This is an update to a story we reported earlier this week.

Mary Lou Byrd of the Washington Free Beacon reports.

College Cracking Down on Jokes

Update, 4:30 p.m.: Hours after the publication of this story, the Foundation for Individual Rights in Education issued a statement this afternoon announcing that the charges against the female student have been dropped.

“We’re pleased that the student is no longer weighed down by these chilling disciplinary charges and can focus on her education,” said Peter Bonilla, Director of FIRE’s Individual Rights Defense Program. “UO’s quick action here illustrates something we’ve long recognized at FIRE: Universities are seldom able to defend in public what they try to do in private.”

Students at the University of Oregon began their fall semester on Monday amid controversy over conduct charges filed against a female student for making a joke.

The university is under fire for filing five charges against the student after she yelled “I hit it first” to a couple passing under her window during the summer semester.

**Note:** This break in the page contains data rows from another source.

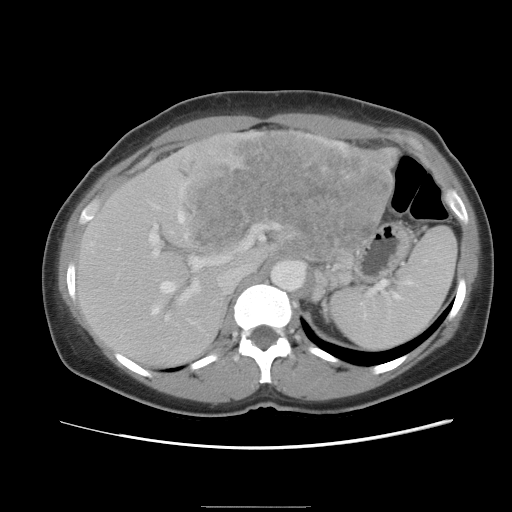 Liver | Image size 512x512 | CT
The vessel boxes may cover only some of the vessels.
<segmentation>
  <hepatic_vessel>x1=178, y1=279, x2=197, y2=302; x1=149, y1=225, x2=159, y2=254; x1=151, y1=306, x2=157, y2=312; x1=166, y1=314, x2=168, y2=318; x1=160, y1=281, x2=173, y2=292; x1=151, y1=203, x2=156, y2=206; x1=255, y1=230, x2=262, y2=238; x1=189, y1=238, x2=262, y2=291</hepatic_vessel>
  <liver_tumor>x1=174, y1=134, x2=390, y2=258</liver_tumor>
</segmentation>
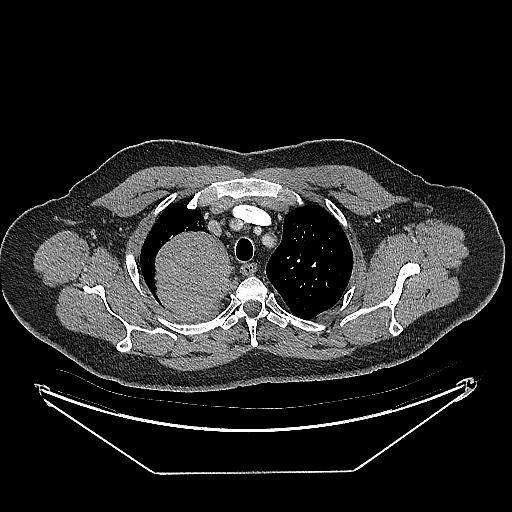
CT slice. <segmentation>
  <lung_tumor>[x1=150, y1=218, x2=233, y2=321]</lung_tumor>
</segmentation>

The student, who requested anonymity, said she did not know the couple and called out the phrase in jest, according to her account to the Foundation for Individual Rights in Education.

FIRE is now calling on the university to drop the charges and revise what it calls unconstitutional speech codes.

“It is remarkable that the university apparently didn’t give a first thought to this student’s First Amendment rights before throwing the book at her and allowing these unconstitutional charges to hang over her head for the entire summer,” said Peter Bonilla, Director of FIRE’s Individual Rights Defense Program, in a prepared statement yesterday.